Raw file workflows are available in `jp_idwr_db.io`:

- `jp_idwr_db.io.download(...)`
- `jp_idwr_db.io.download_recent(...)`
- `jp_idwr_db.io.read(...)`

These are useful for refreshing local raw weekly files or debugging parser behavior.

## Data Wrangling Examples

See [EXAMPLES.md](./docs/EXAMPLES.md) for Polars-first data wrangling recipes (grouping, trends, regional slices, source-aware filtering).

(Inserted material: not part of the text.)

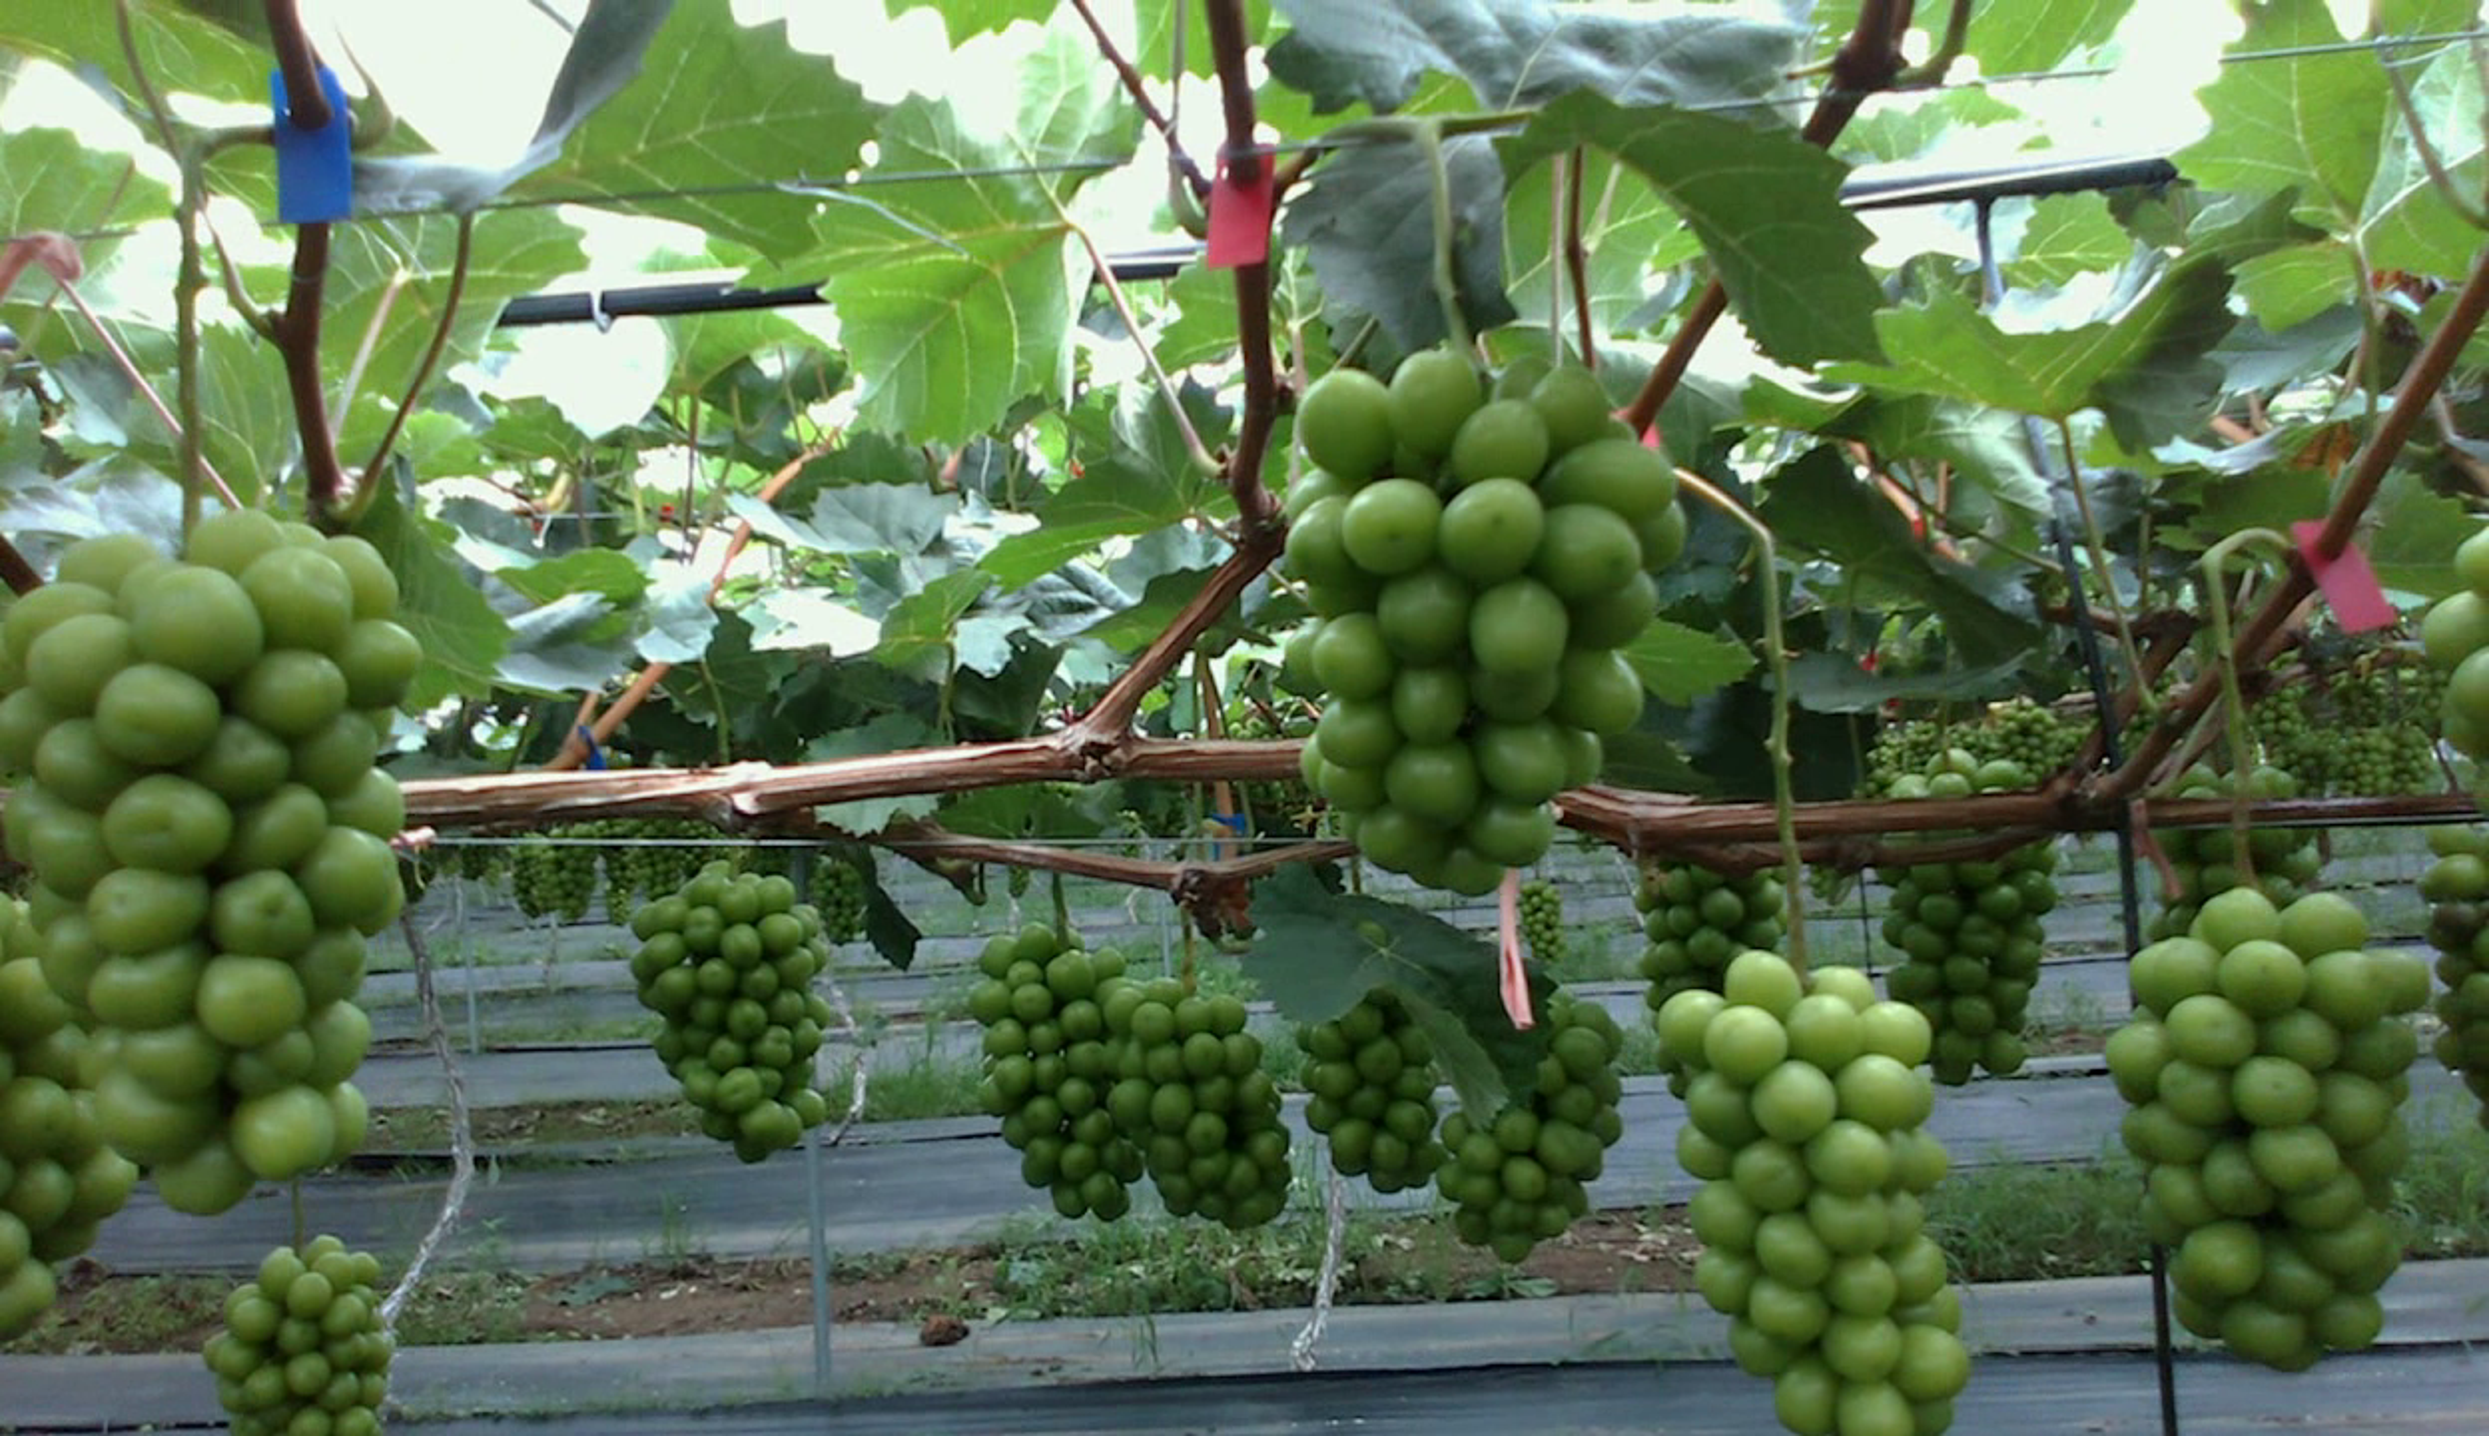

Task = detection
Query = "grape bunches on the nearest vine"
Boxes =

Disease-by-disease temporal coverage is documented in [DISEASES.md](./docs/DISEASES.md).

## Data Source

NIID/JIHS infectious disease surveillance publications:

- Historical annual archive files (`Syu_01_1`, `Syu_02_1`)
- Rapid weekly CSV reports (`zensuXX.csv`, `teitenruiXX.csv`)

## Development

```bash
uv sync --all-extras --dev
uv run ruff check .
uv run mypy src
uv run pytest
```

## Security and Integrity

- Release assets include a `jp_idwr_db-manifest.json` with SHA256 checksums.
- `ensure_data()` verifies archive checksum and each extracted parquet checksum before marking cache complete.
- For PyPI publishing, prefer Trusted Publishing (OIDC) over long-lived API tokens.

## License

GPL-3.0-or-later. See [LICENSE](./LICENSE).